Furthermore, a higher proportion of patients on AMG 691 achieved the target serum phosphate level of less than 5.5 mg/dL by Week 4. 65% of patients receiving AMG 691 reached this goal, compared to only 10% of patients on placebo.

Currently Recruiting Trials

Amgen is actively recruiting participants for a pivotal clinical trial investigating AMG 691, an experimental medication. These early-phase studies are essential for gathering initial data on new treatments, helping researchers understand how they work and ensuring their safety and tolerability before progressing to larger patient populations. For individuals interested in contributing to medical research, participating in such a trial offers a unique opportunity to play a direct role in the development of potential new therapies.

The main study currently seeking volunteers is NCT06637371, officially titled "A Phase 1, Randomized, Double-blind, Placebo-controlled Study Evaluating AMG 691 in Healthy Participants and Participants With Mild-to-Moderate Asthma." As a Phase 1 trial, its primary objective is to thoroughly assess the safety profile and tolerability of AMG 691. Researchers are carefully evaluating the medication in both healthy individuals and those who have been diagnosed with mild-to-moderate asthma. The study's randomized, double-blind, and placebo-controlled design is a gold standard in clinical research, ensuring that neither participants nor researchers know who is receiving the active drug versus a placebo, which helps eliminate bias and provides robust data.

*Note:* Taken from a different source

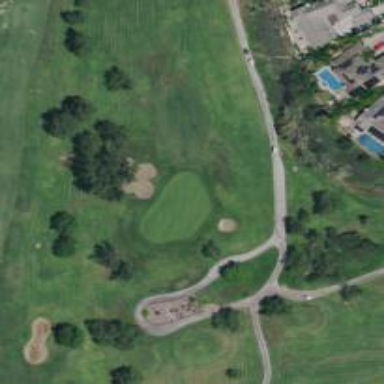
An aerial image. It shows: Golf hole.

The study is structured into distinct parts to systematically explore different dosing strategies. Part A focuses on a single ascending dose (SAD) of AMG 691, administered solely to healthy participants. Following this, Part B and Part C delve into multiple ascending doses (MAD) and general multiple doses, respectively, involving both healthy participants and individuals with asthma. This comprehensive approach allows the research team to observe how AMG 691 is tolerated across various dose levels and over different durations. Ultimately, this foundational study, sponsored by Amgen, aims to enroll a total of 124 participants to collect crucial preliminary data on AMG 691.

Where to Participate

The clinical trial for AMG 691 is designed to be accessible across a broad geographic area, with study sites established in multiple locations to facilitate participation. Currently, there are 14 study sites across 15 cities in 10 different states actively recruiting volunteers for the AMG 691 trial.

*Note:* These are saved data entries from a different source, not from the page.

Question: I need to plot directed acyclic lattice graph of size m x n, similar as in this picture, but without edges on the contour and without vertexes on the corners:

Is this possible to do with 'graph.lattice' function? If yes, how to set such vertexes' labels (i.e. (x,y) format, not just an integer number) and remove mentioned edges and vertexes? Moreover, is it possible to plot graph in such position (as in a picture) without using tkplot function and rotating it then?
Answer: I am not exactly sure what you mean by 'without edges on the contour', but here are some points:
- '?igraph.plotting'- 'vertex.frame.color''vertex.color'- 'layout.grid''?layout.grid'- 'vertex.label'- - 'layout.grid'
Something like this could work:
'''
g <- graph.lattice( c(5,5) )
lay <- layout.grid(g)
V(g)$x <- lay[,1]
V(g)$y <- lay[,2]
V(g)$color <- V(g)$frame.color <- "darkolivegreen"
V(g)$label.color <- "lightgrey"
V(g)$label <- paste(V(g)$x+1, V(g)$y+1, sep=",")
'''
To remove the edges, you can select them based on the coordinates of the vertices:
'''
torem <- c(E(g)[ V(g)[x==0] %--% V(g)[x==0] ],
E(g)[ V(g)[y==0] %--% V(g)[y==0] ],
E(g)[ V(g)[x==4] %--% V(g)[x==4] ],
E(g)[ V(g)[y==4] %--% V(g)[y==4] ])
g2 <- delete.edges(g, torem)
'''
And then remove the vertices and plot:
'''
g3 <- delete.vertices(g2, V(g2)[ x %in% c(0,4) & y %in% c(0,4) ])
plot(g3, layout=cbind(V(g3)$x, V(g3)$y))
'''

Key locations where you can inquire about participation include:

• Lake Forest, California
• Aventura, Florida
• Palmetto Bay, Florida
• Columbus, Georgia
• White Marsh, Maryland
• Boston, Massachusetts
• South Dartmouth, Massachusetts
• Rochester, Minnesota
• Saint Paul, Minnesota
• Chapel Hill, North Carolina

To be eligible for this study, participants must be between 18 and 65 years of age. The trial is open to individuals of all genders, and healthy volunteers are specifically welcome to participate alongside those with mild-to-moderate asthma. Please note that the study is not designed for children.

Development Timeline

The journey of AMG 691 in clinical development officially began on October 15, 2024, when the first clinical trial for this investigational drug was initiated. This milestone marks the start of human studies for AMG 691, a crucial step in its potential path to becoming a therapeutic option.

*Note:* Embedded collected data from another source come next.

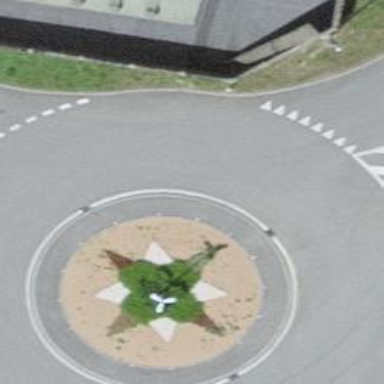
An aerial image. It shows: Residential road that intersects with roundabout.
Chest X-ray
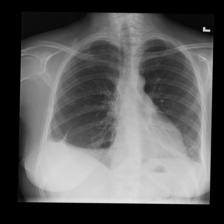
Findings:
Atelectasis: negative
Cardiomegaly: negative
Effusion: positive
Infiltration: negative
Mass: negative
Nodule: negative
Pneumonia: negative
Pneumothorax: negative
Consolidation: negative
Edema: negative
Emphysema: negative
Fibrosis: negative
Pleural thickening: negative
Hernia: negative
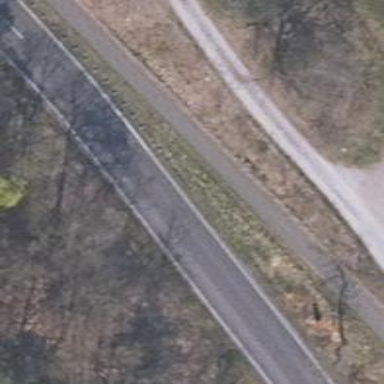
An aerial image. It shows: Secondary road with asphalt surface.

The development of AMG 691 is spearheaded by Amgen, a leading biotechnology company known for its commitment to discovering, developing, manufacturing, and delivering innovative human therapeutics. Currently, AMG 691 is in Phase 1 of its clinical development, with a single trial underway. This initial phase focuses on understanding the drug's safety and how it is processed by the body in a small group of participants.

While Amgen's broader research pipeline has historically included investigations into conditions such as IBS-C (Irritable Bowel Syndrome with Constipation) and hyperphosphatemia, AMG 691 represents an expansion of their therapeutic focus. The current Phase 1 study is specifically exploring AMG 691 for its potential in treating mild-to-moderate asthma, indicating a strategic move into new areas of unmet medical need. The progress of AMG 691 from its first trial reflects Amgen's ongoing efforts to advance new treatments through rigorous scientific evaluation.